- Exercise aim:
Retype each record below word for word, pictures excluded.

[Data extracted from a collection]
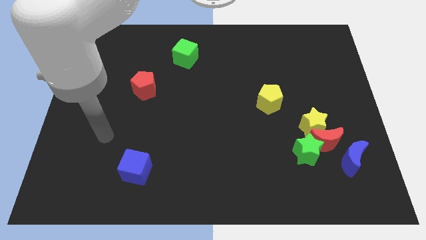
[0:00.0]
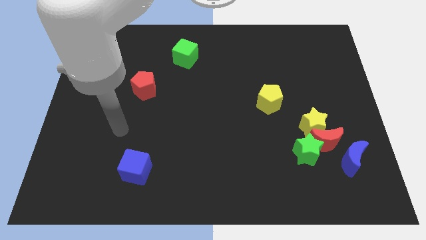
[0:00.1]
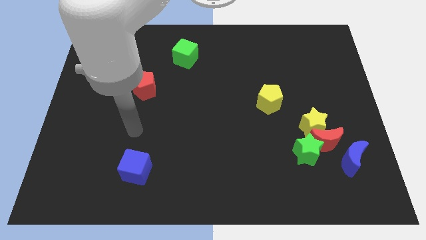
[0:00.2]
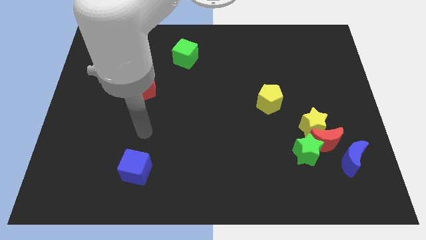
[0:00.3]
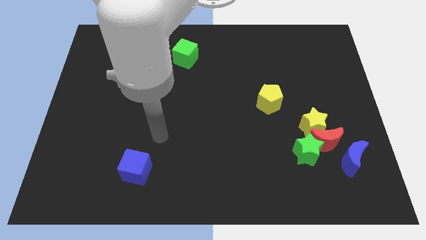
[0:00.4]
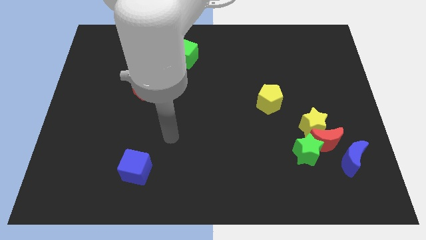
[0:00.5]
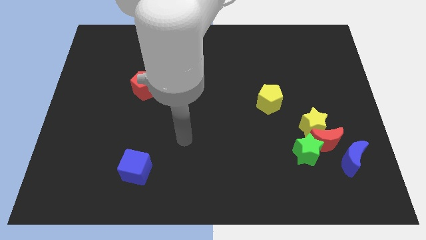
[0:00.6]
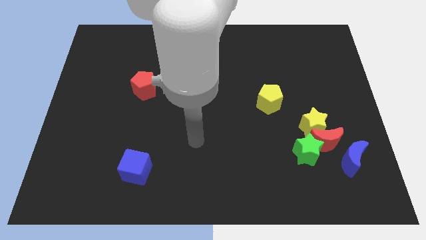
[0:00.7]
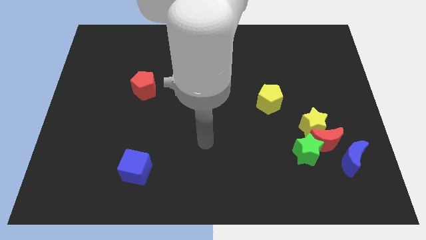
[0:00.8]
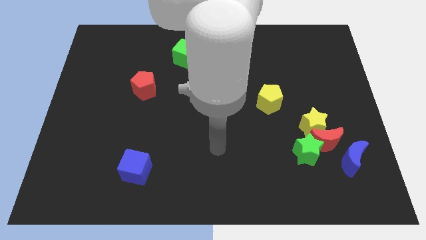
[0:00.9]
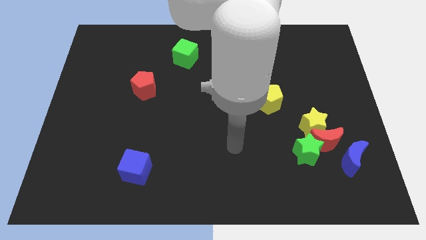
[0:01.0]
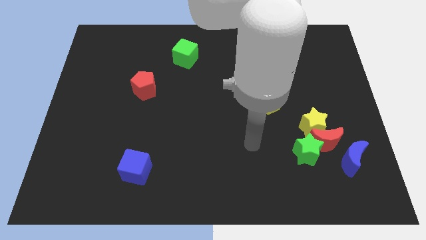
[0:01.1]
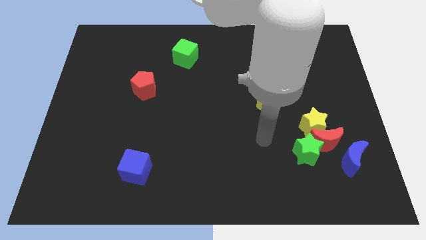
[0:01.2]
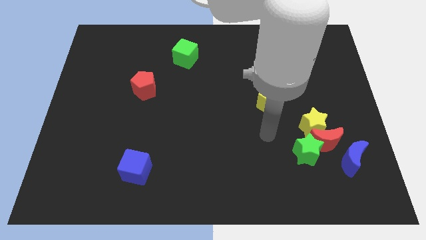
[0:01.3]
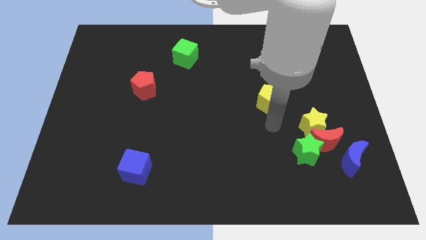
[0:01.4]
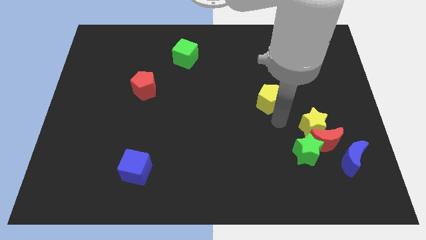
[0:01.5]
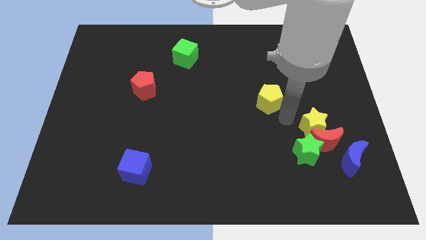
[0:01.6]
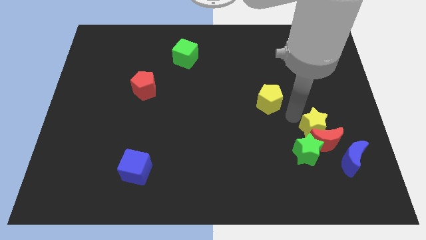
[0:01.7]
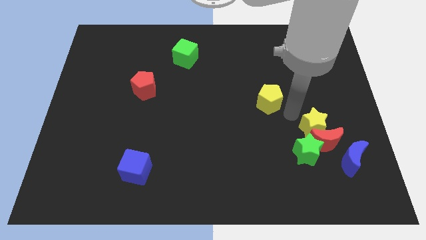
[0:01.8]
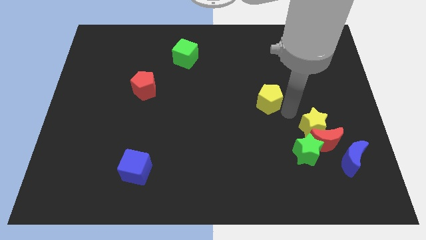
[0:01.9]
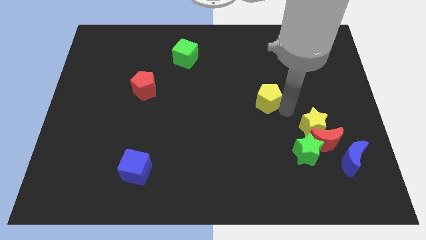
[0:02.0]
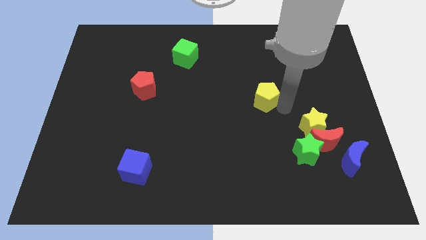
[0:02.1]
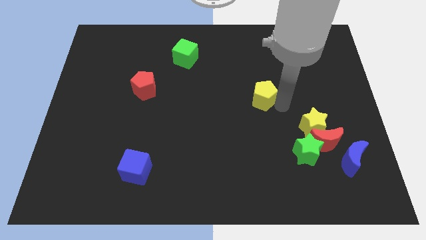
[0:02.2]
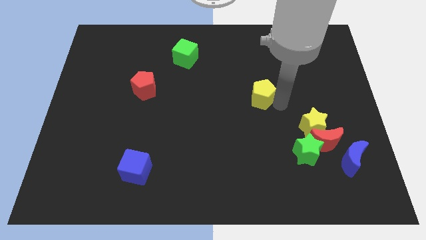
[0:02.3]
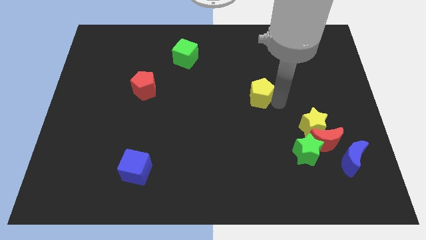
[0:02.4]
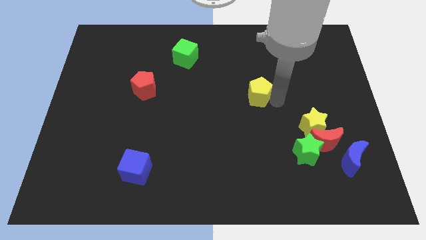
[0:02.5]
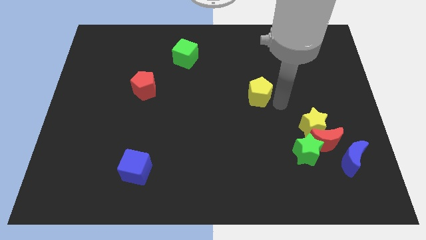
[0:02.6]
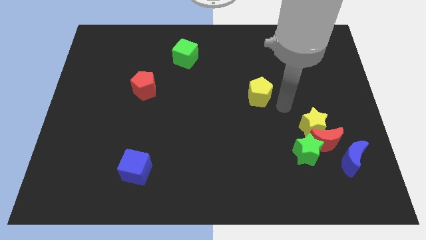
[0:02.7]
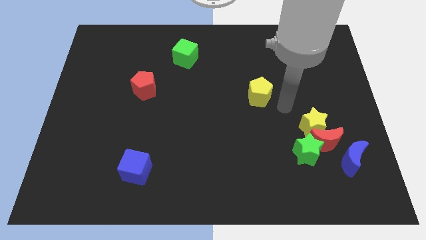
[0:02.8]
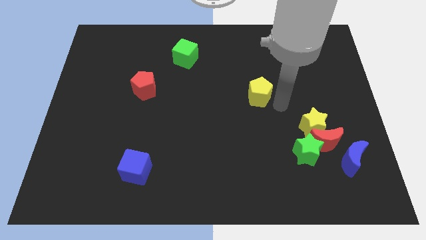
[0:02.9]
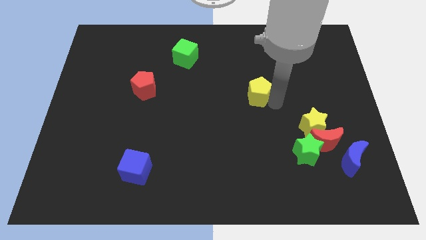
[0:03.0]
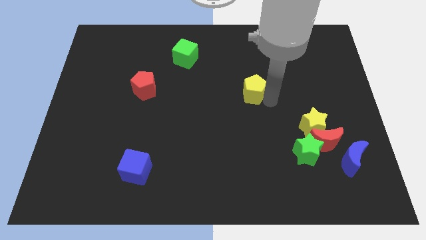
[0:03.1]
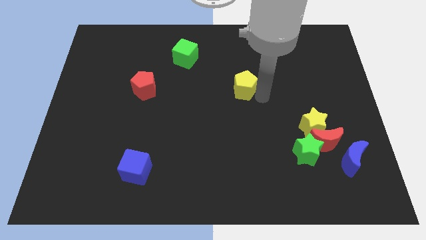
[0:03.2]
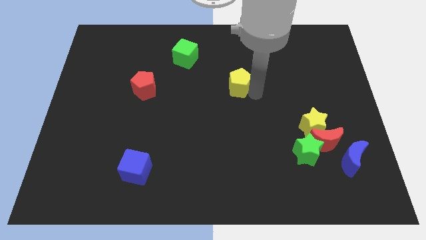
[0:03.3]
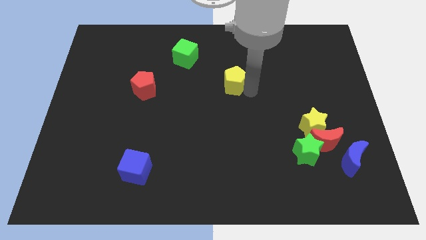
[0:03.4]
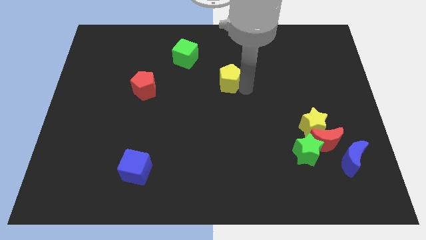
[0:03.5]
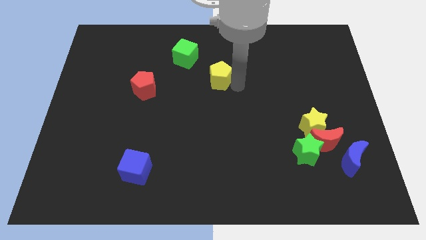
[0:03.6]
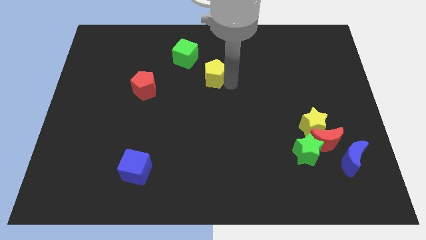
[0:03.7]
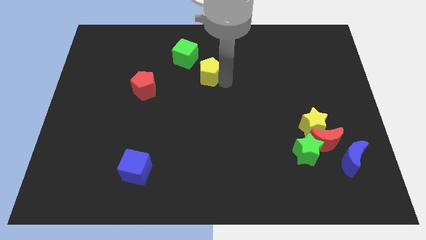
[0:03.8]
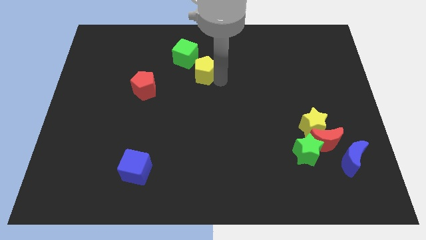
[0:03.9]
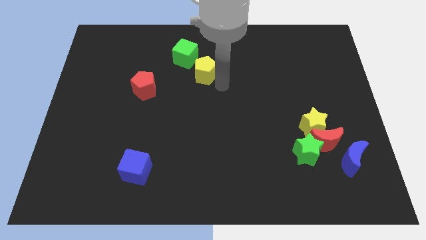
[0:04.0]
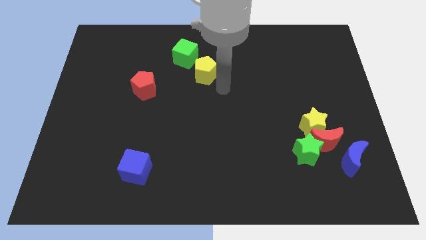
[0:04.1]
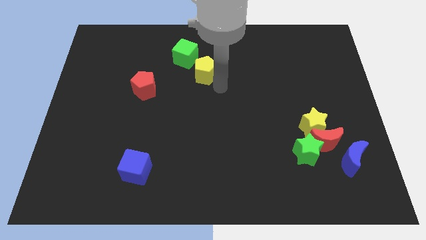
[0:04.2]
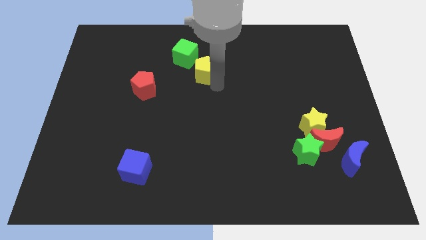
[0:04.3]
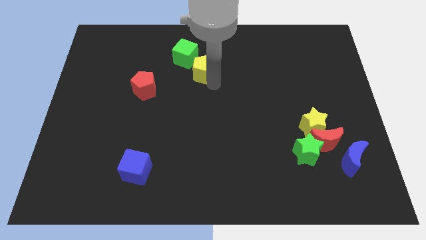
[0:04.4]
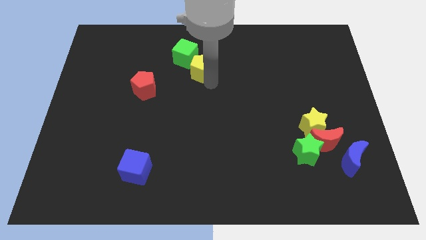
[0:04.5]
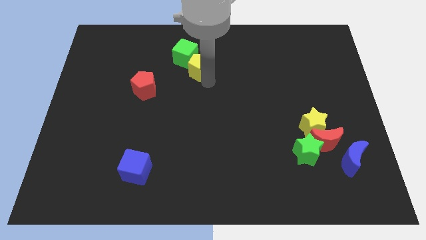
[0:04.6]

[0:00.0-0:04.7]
slide the yellow pentagon to the green cube

- Task result:
[0:00.0]
[0:00.1]
[0:00.2]
[0:00.3]
[0:00.4]
[0:00.5]
[0:00.6]
[0:00.7]
[0:00.8]
[0:00.9]
[0:01.0]
[0:01.1]
[0:01.2]
[0:01.3]
[0:01.4]
[0:01.5]
[0:01.6]
[0:01.7]
[0:01.8]
[0:01.9]
[0:02.0]
[0:02.1]
[0:02.2]
[0:02.3]
[0:02.4]
[0:02.5]
[0:02.6]
[0:02.7]
[0:02.8]
[0:02.9]
[0:03.0]
[0:03.1]
[0:03.2]
[0:03.3]
[0:03.4]
[0:03.5]
[0:03.6]
[0:03.7]
[0:03.8]
[0:03.9]
[0:04.0]
[0:04.1]
[0:04.2]
[0:04.3]
[0:04.4]
[0:04.5]
[0:04.6]

[0:00.0-0:04.7]
slide the yellow pentagon to the green cube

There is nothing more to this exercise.